Interim Minister of Interior of Iraq
In May 2003, during Operation Iraqi Freedom, Kerik was appointed by the George W. Bush administration as interim Interior Minister of the Coalition Provisional Authority, the governing body of occupied Iraq, and senior policy adviser to U.S. presidential envoy to Iraq, Paul Bremer. When Kerik arrived in Iraq, the Ministry of Interior did not exist, having collapsed and dissolved during the U.S.–led coalition's invasion of Iraq. Kerik was responsible for restructuring and rebuilding the ministry and all its constituent parts: the national police, intelligence service, and border and customs police, as well as choosing the officials who would take control of these institutions when he left.
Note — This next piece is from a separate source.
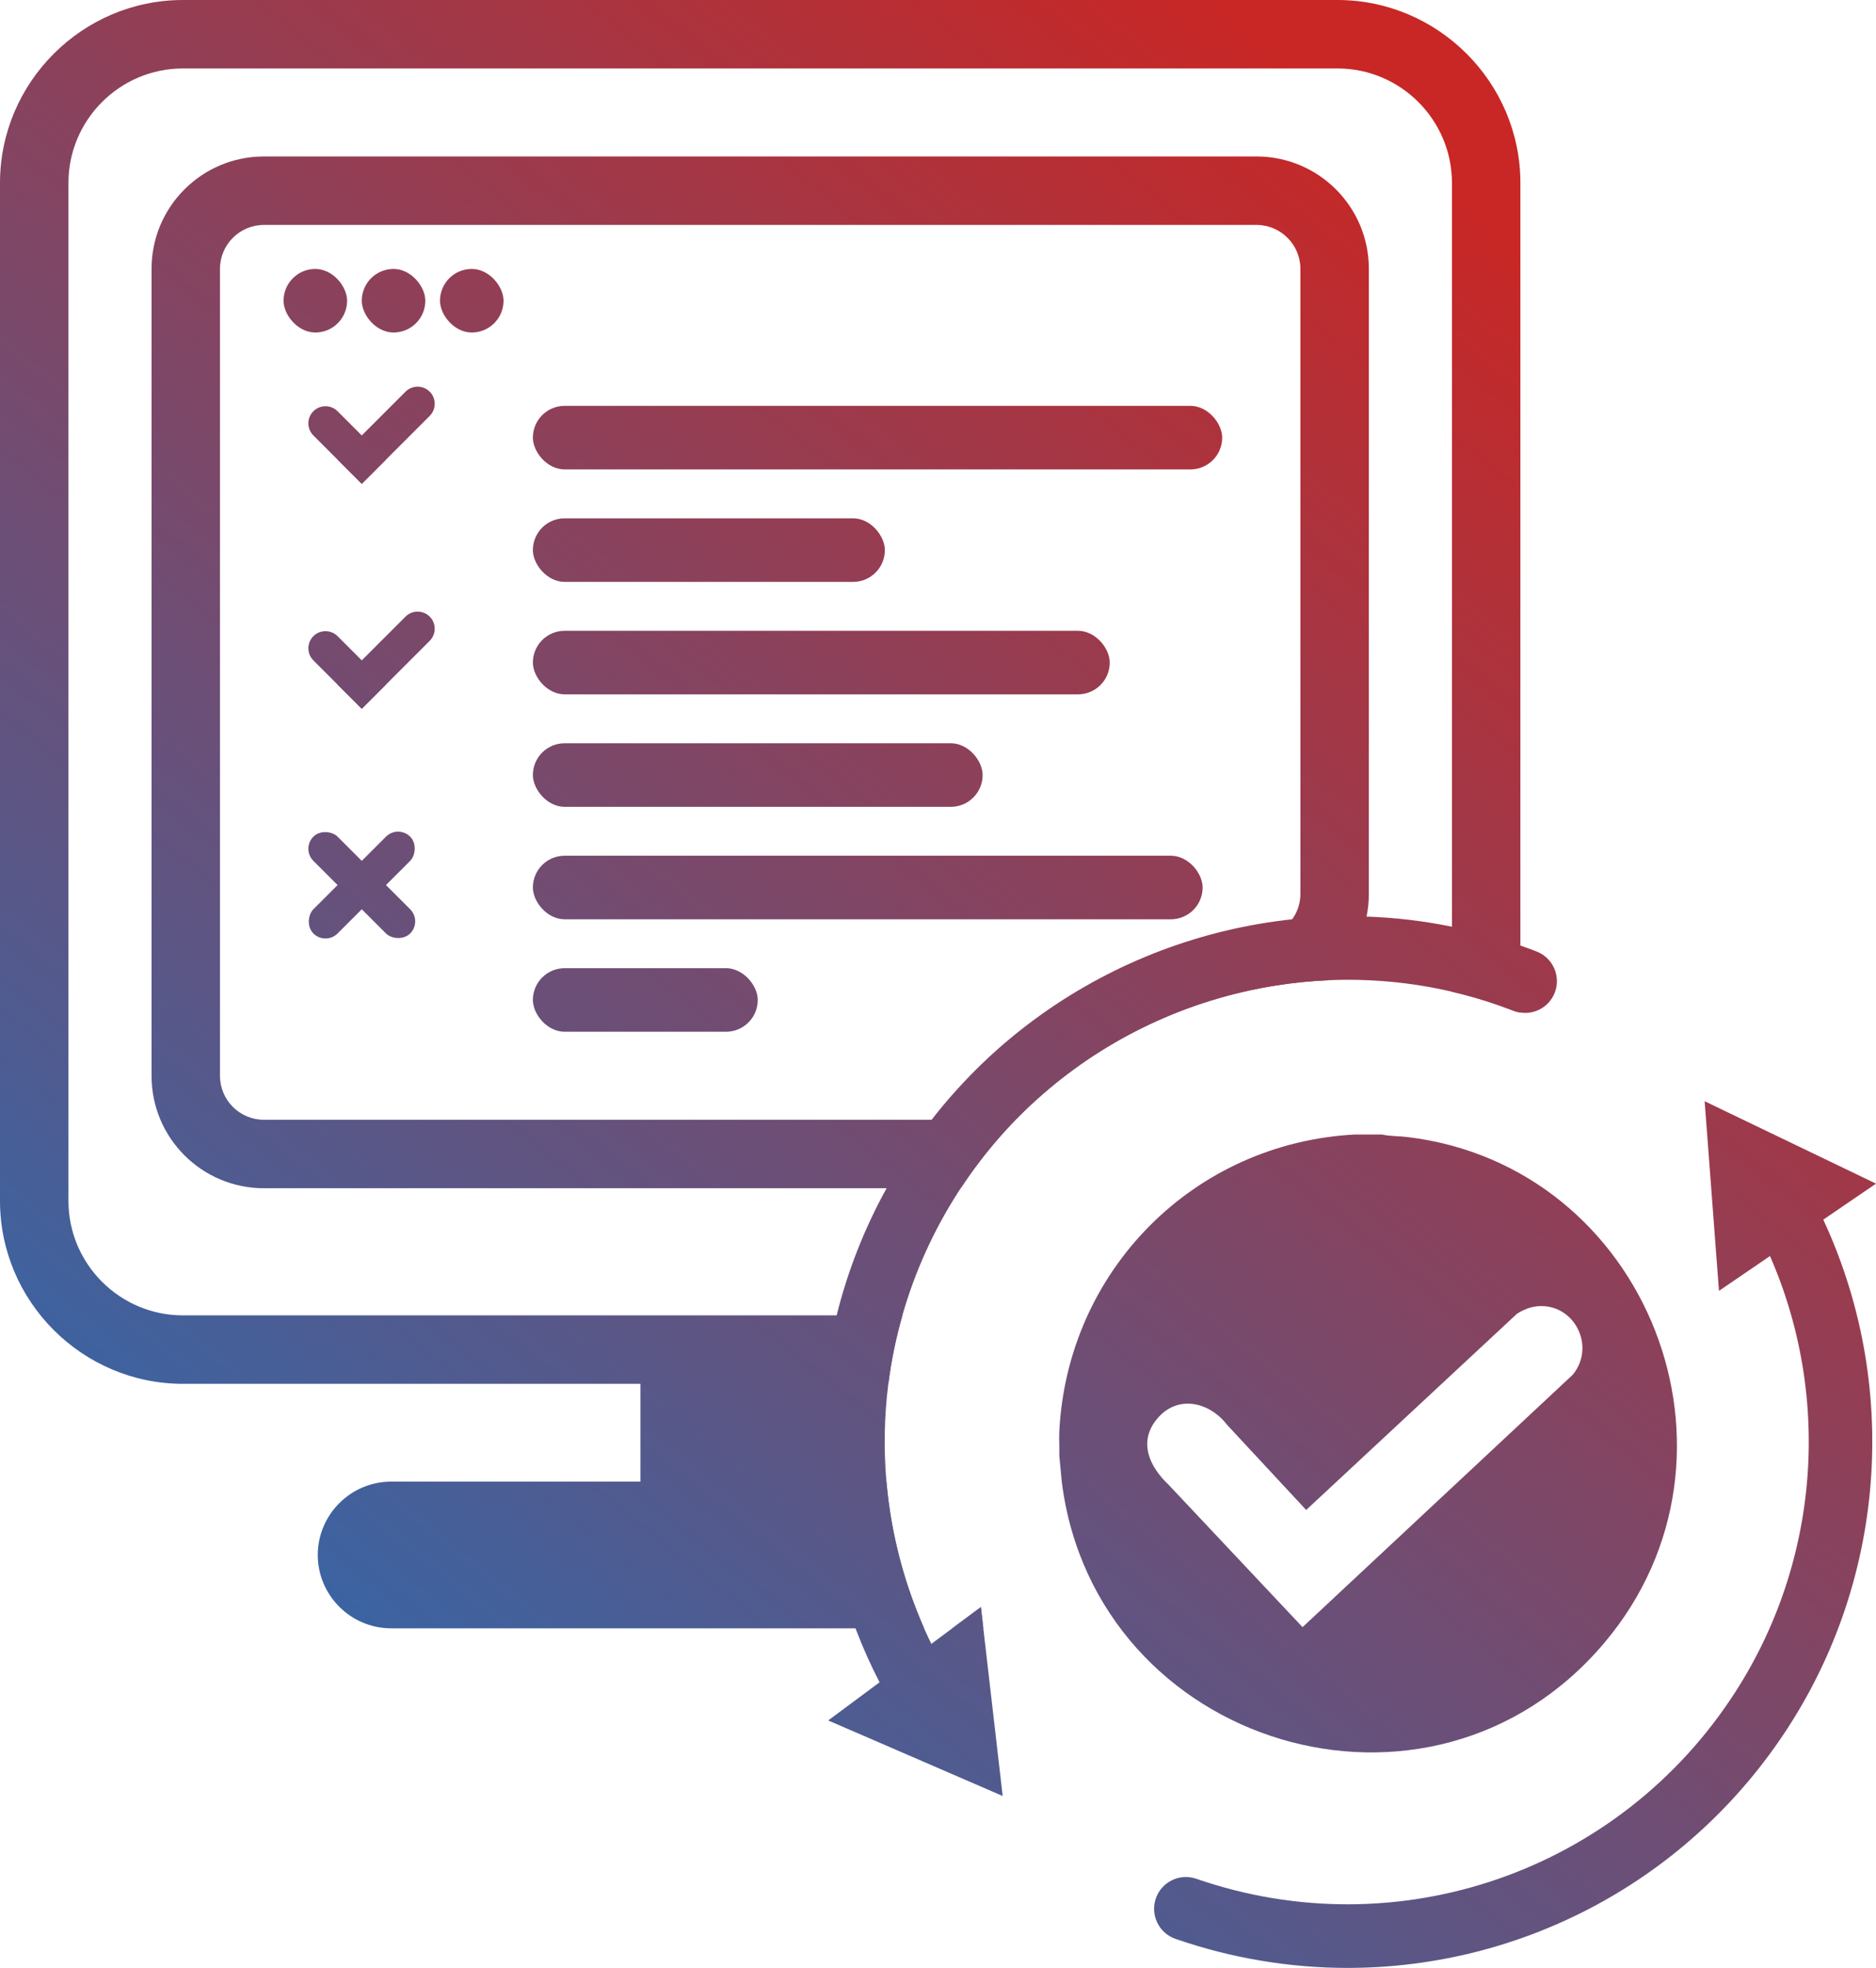 <?xml version="1.0" encoding="UTF-8"?> <svg xmlns="http://www.w3.org/2000/svg" xmlns:xlink="http://www.w3.org/1999/xlink" id="_Слой_2" data-name="Слой 2" viewBox="0 0 383.74 402.45"><defs><style> .cls-1 { fill: url(#_Безымянный_градиент_7); } .cls-2 { fill: url(#_Безымянный_градиент_7-3); } .cls-3 { fill: url(#_Безымянный_градиент_7-4); } .cls-4 { fill: url(#_Безымянный_градиент_7-2); } .cls-5 { fill: url(#_Безымянный_градиент_7-6); } .cls-6 { fill: url(#_Безымянный_градиент_7-5); } .cls-7 { fill: url(#_Безымянный_градиент_7-7); } .cls-8 { fill: url(#_Безымянный_градиент_7-8); } .cls-9 { fill: url(#_Безымянный_градиент_7-9); } .cls-10 { fill: url(#_Безымянный_градиент_7-14); } .cls-11 { fill: url(#_Безымянный_градиент_7-18); } .cls-12 { fill: url(#_Безымянный_градиент_7-11); } .cls-13 { fill: url(#_Безымянный_градиент_7-16); } .cls-14 { fill: url(#_Безымянный_градиент_7-19); } .cls-15 { fill: url(#_Безымянный_градиент_7-17); } .cls-16 { fill: url(#_Безымянный_градиент_7-10); } .cls-17 { fill: url(#_Безымянный_градиент_7-13); } .cls-18 { fill: url(#_Безымянный_градиент_7-12); } .cls-19 { fill: url(#_Безымянный_градиент_7-15); } .cls-20 { fill: url(#_Безымянный_градиент_7-20); } .cls-21 { fill: url(#_Безымянный_градиент_7-21); } .cls-22 { fill: url(#_Безымянный_градиент_7-22); } </style><linearGradient id="_Безымянный_градиент_7" data-name="Безымянный градиент 7" x1="-18.01" y1="330.63" x2="248.67" y2=".24" gradientUnits="userSpaceOnUse"><stop offset="0" stop-color="#266db5"></stop><stop offset="1" stop-color="#c82725"></stop></linearGradient><linearGradient id="_Безымянный_градиент_7-2" data-name="Безымянный градиент 7" x1="194.91" y1="502.48" x2="461.58" y2="172.1" xlink:href="#_Безымянный_градиент_7"></linearGradient><linearGradient id="_Безымянный_градиент_7-3" data-name="Безымянный градиент 7" x1="167.24" y1="480.15" x2="433.91" y2="149.77" xlink:href="#_Безымянный_градиент_7"></linearGradient><linearGradient id="_Безымянный_градиент_7-4" data-name="Безымянный градиент 7" x1="90.96" y1="418.58" x2="357.64" y2="88.2" xlink:href="#_Безымянный_градиент_7"></linearGradient><linearGradient id="_Безымянный_градиент_7-5" data-name="Безымянный градиент 7" x1="120.42" y1="442.36" x2="387.1" y2="111.98" xlink:href="#_Безымянный_градиент_7"></linearGradient><linearGradient id="_Безымянный_градиент_7-6" data-name="Безымянный градиент 7" x1="-16.44" y1="331.89" x2="250.24" y2="1.51" xlink:href="#_Безымянный_градиент_7"></linearGradient><linearGradient id="_Безымянный_градиент_7-7" data-name="Безымянный градиент 7" x1="-99.58" y1="264.78" x2="167.09" y2="-65.6" xlink:href="#_Безымянный_градиент_7"></linearGradient><linearGradient id="_Безымянный_градиент_7-8" data-name="Безымянный градиент 7" x1="-89.89" y1="272.6" x2="176.78" y2="-57.78" xlink:href="#_Безымянный_градиент_7"></linearGradient><linearGradient id="_Безымянный_градиент_7-9" data-name="Безымянный градиент 7" x1="-80.21" y1="280.42" x2="186.47" y2="-49.96" xlink:href="#_Безымянный_градиент_7"></linearGradient><linearGradient id="_Безымянный_градиент_7-10" data-name="Безымянный градиент 7" x1="-16.27" y1="332.03" x2="250.41" y2="1.65" xlink:href="#_Безымянный_градиент_7"></linearGradient><linearGradient id="_Безымянный_градиент_7-11" data-name="Безымянный градиент 7" x1="-25.91" y1="324.24" x2="240.76" y2="-6.14" xlink:href="#_Безымянный_градиент_7"></linearGradient><linearGradient id="_Безымянный_градиент_7-12" data-name="Безымянный градиент 7" x1="-.75" y1="344.56" x2="265.93" y2="14.17" xlink:href="#_Безымянный_градиент_7"></linearGradient><linearGradient id="_Безымянный_градиент_7-13" data-name="Безымянный градиент 7" x1="2.62" y1="347.28" x2="269.3" y2="16.89" xlink:href="#_Безымянный_градиент_7"></linearGradient><linearGradient id="_Безымянный_градиент_7-14" data-name="Безымянный градиент 7" x1="27.49" y1="367.35" x2="294.17" y2="36.96" xlink:href="#_Безымянный_градиент_7"></linearGradient><linearGradient id="_Безымянный_градиент_7-15" data-name="Безымянный градиент 7" x1="11.18" y1="354.18" x2="277.86" y2="23.8" xlink:href="#_Безымянный_градиент_7"></linearGradient><linearGradient id="_Безымянный_градиент_7-16" data-name="Безымянный градиент 7" x1="145.09" y1="462.28" x2="411.77" y2="131.89" xlink:href="#_Безымянный_градиент_7"></linearGradient><linearGradient id="_Безымянный_градиент_7-17" data-name="Безымянный градиент 7" x1="-35.43" y1="316.57" x2="231.25" y2="-13.82" gradientTransform="translate(149.66 .69) rotate(45)" xlink:href="#_Безымянный_градиент_7"></linearGradient><linearGradient id="_Безымянный_градиент_7-18" data-name="Безымянный градиент 7" x1="-35.43" y1="316.57" x2="231.25" y2="-13.82" gradientTransform="translate(-106.31 105.34) rotate(-45)" xlink:href="#_Безымянный_градиент_7"></linearGradient><linearGradient id="_Безымянный_градиент_7-19" data-name="Безымянный градиент 7" x1="-81.87" y1="279.08" x2="184.81" y2="-51.31" xlink:href="#_Безымянный_градиент_7"></linearGradient><linearGradient id="_Безымянный_градиент_7-20" data-name="Безымянный градиент 7" x1="-77.42" y1="282.67" x2="189.26" y2="-47.71" xlink:href="#_Безымянный_градиент_7"></linearGradient><linearGradient id="_Безымянный_градиент_7-21" data-name="Безымянный градиент 7" x1="-59.39" y1="297.22" x2="207.29" y2="-33.16" xlink:href="#_Безымянный_градиент_7"></linearGradient><linearGradient id="_Безымянный_градиент_7-22" data-name="Безымянный градиент 7" x1="-54.93" y1="300.82" x2="211.74" y2="-29.56" xlink:href="#_Безымянный_градиент_7"></linearGradient></defs><g id="_Слой_1-2" data-name="Слой 1"><g><path class="cls-1" d="M273.58,0H37.42C16.84,0,0,16.84,0,37.42v208.16c0,20.58,16.84,37.42,37.42,37.42h93.58v20h-51c-8.25,0-15,6.75-15,15s6.75,15,15,15h109.03c-1.95-4.42-3.56-8.97-4.8-13.57-1.46-5.41-2.43-10.9-2.91-16.43h-1.32v-20h1.71c.6-4.72,1.56-9.4,2.88-14H37.42c-12.91,0-23.42-10.51-23.42-23.42V37.42c0-12.91,10.51-23.42,23.42-23.42h236.16c12.91,0,23.42,10.51,23.42,23.42v165.39c.77.18,1.54.37,2.31.57,3.26.84,6.49,1.88,9.69,3.1.21.07.41.15.62.23.45.18.92.3,1.38.36V37.42c0-20.58-16.84-37.42-37.42-37.42ZM194.79,333h6.35l-.5-4.34-5.85,4.34Z"></path><g><path class="cls-4" d="M275.66,402.45c-11.73,0-23.61-1.93-35.21-5.94-3.39-1.17-5.19-4.87-4.02-8.27,1.17-3.39,4.87-5.2,8.27-4.02,41.26,14.27,86.61-1.44,110.27-38.2,18.37-28.52,20-64.94,4.26-95.04-1.66-3.18-.43-7.11,2.75-8.77,3.18-1.66,7.11-.43,8.77,2.75,17.9,34.23,16.04,75.66-4.85,108.1-20.27,31.48-54.52,49.39-90.24,49.39Z"></path><polygon class="cls-2" points="351.62 263.99 348.69 225.21 383.74 242.06 351.62 263.99"></polygon></g><g><path class="cls-3" d="M318.03,203c-1.12,2.89-4.08,4.53-7.03,4.07-.46-.06-.93-.18-1.38-.36-.21-.08-.41-.16-.62-.23-3.2-1.22-6.43-2.26-9.69-3.1-.77-.2-1.54-.39-2.31-.57-8.38-1.95-16.89-2.71-25.29-2.35-3.6.16-7.18.52-10.71,1.08-9.03,1.42-17.82,4.14-26.08,8.06-7.69,3.65-14.91,8.34-21.43,14-6.35,5.49-12.02,11.91-16.81,19.16-.05.08-.11.16-.16.24-.16.23-.31.46-.46.7-5.13,7.97-8.96,16.49-11.47,25.3-1.32,4.6-2.28,9.28-2.88,14-.84,6.63-.97,13.34-.39,20,.48,5.53,1.45,11.02,2.91,16.43,1.24,4.6,2.85,9.15,4.8,13.57.06.14.13.29.19.43.42.92.84,1.84,1.29,2.75.94,1.95,1.96,3.87,3.05,5.77,1.79,3.12.71,7.09-2.4,8.87-1.02.59-2.13.87-3.23.87-2.25,0-4.44-1.18-5.64-3.27-.83-1.45-1.62-2.91-2.37-4.38-1.8-3.47-3.38-7.02-4.76-10.61-.06-.14-.11-.29-.16-.43-1.71-4.45-3.09-8.99-4.17-13.57-3.93-16.63-3.82-33.91.31-50.43,2.23-8.97,5.63-17.71,10.22-26,1.17-2.14,2.43-4.25,3.77-6.33,1.71-2.65,3.52-5.21,5.44-7.67,1.43-1.86,2.93-3.66,4.48-5.4,4.6-5.19,9.65-9.87,15.07-14,14.89-11.38,32.48-18.65,50.88-21.19,1.11-.16,2.21-.29,3.32-.41h.02c5.03-.54,10.1-.73,15.19-.55,5.83.2,11.67.88,17.47,2.07,4.03.81,8.03,1.87,12,3.17.67.22,1.34.44,2,.68,1.11.38,2.22.79,3.32,1.22,3.35,1.3,5.01,5.07,3.71,8.41Z"></path><polygon class="cls-6" points="205.1 367.29 169.41 351.84 179.92 344.04 190.51 336.18 194.21 333.43 194.79 333 200.64 328.66 201.14 333 201.19 333.43 205.1 367.29"></polygon></g><path class="cls-5" d="M257.03,32H53.97c-12.68,0-22.97,10.29-22.97,22.97v165.06c0,12.68,10.29,22.97,22.97,22.97h139.36c1.13,0,2.25-.08,3.35-.24,4.79-7.25,10.46-13.67,16.81-19.16,6.52-5.66,13.74-10.35,21.43-14,8.26-3.92,17.05-6.64,26.08-8.06,3.53-.56,7.11-.92,10.71-1.08,3.97-3.3,6.75-7.87,7.82-13.01.31-1.51.47-3.06.47-4.65V54.97c0-12.68-10.29-22.97-22.97-22.97ZM259.4,191.44c-5.24,1.43-10.42,3.17-15.4,5.17-10.25,4.12-19.8,9.41-28.34,15.7-5.77,4.22-11.12,8.94-15.91,14.03-1.59,1.69-3.93,2.66-6.42,2.66H53.97c-4.94,0-8.97-4.03-8.97-8.97V54.97c0-4.94,4.03-8.97,8.97-8.97h203.06c4.94,0,8.97,4.03,8.97,8.97v127.83c0,1.92-.61,3.72-1.68,5.2-1.16,1.64-2.88,2.88-4.92,3.44Z"></path><rect class="cls-7" x="58" y="55" width="13" height="13" rx="6.5" ry="6.5"></rect><rect class="cls-8" x="74" y="55" width="13" height="13" rx="6.5" ry="6.5"></rect><rect class="cls-9" x="90" y="55" width="13" height="13" rx="6.5" ry="6.5"></rect><rect class="cls-16" x="109" y="83" width="141" height="13" rx="6.5" ry="6.5"></rect><rect class="cls-12" x="109" y="106" width="72" height="13" rx="6.5" ry="6.5"></rect><rect class="cls-18" x="109" y="129" width="118" height="13" rx="6.5" ry="6.5"></rect><rect class="cls-17" x="109" y="152" width="92" height="13" rx="6.5" ry="6.5"></rect><rect class="cls-10" x="109" y="175" width="137" height="13" rx="6.5" ry="6.5"></rect><rect class="cls-19" x="109" y="198" width="46" height="13" rx="6.5" ry="6.5"></rect><path class="cls-13" d="M282.61,232c1.68.39,3.55.32,5.28.53,49.22,5.93,72.42,65.19,40.39,103.31-35.56,42.34-104.1,21.4-111.07-32.62l-.53-5.52c.06-1.64-.08-3.3,0-4.94,1.66-32.96,27.5-59.01,60.49-60.75h5.43ZM314.41,267.14c-1.41.14-2.96.77-4.13,1.55l-43.1,40.11-16.17-17.41c-3.63-4.71-10.15-6.25-14.33-1.23-3.92,4.71-1.55,9.79,2.35,13.47l27.41,29.13,55.28-51.63c4.78-5.82.27-14.72-7.32-13.99Z"></path><rect class="cls-15" x="70.5" y="167" width="7" height="28" rx="3.5" ry="3.5" transform="translate(-106.31 105.34) rotate(-45)"></rect><rect class="cls-11" x="70.5" y="167" width="7" height="28" rx="3.5" ry="3.5" transform="translate(149.66 .69) rotate(45)"></rect><g><path class="cls-14" d="M78.95,94l-4.95,4.95-9.9-9.9c-1.36-1.36-1.36-3.59,0-4.95.68-.68,1.58-1.02,2.48-1.02s1.79.34,2.47,1.02l9.9,9.9Z"></path><path class="cls-20" d="M88.92,82.58c0,.89-.34,1.79-1.02,2.47l-13.9,13.9-4.95-4.95,13.9-13.9c1.36-1.36,3.59-1.36,4.95,0,.68.68,1.02,1.58,1.02,2.48Z"></path></g><g><path class="cls-21" d="M78.95,140l-4.95,4.95-9.9-9.9c-1.36-1.36-1.36-3.59,0-4.95.68-.68,1.58-1.02,2.48-1.02s1.79.34,2.47,1.02l9.9,9.9Z"></path><path class="cls-22" d="M88.92,128.58c0,.89-.34,1.79-1.02,2.47l-13.9,13.9-4.95-4.95,13.9-13.9c1.36-1.36,3.59-1.36,4.95,0,.68.68,1.02,1.58,1.02,2.48Z"></path></g></g></g></svg>

Prior to Kerik's departure from Iraq on September 2, 2003, more than 35,000 Iraqi police were reinstated, 35 police stations were placed in Baghdad, with several more around the country, senior deputy interior ministers were appointed, and the newly established governing council appointed the first Iraqi minister of interior, post–Saddam Hussein, Nuri Badran. A United Nations UNODC fact-finding mission report dated May 18, 2003, at the beginning of his term, noted that Kerik's team made "positive interventions in a number of areas."
During his tenure as Interior Minister of Iraq, Kerik secretly accepted and failed to report a $250,000 interest-free "loan" from Israeli billionaire Eitan Wertheimer, for which he was later indicted by the U.S. government and sentenced to prison.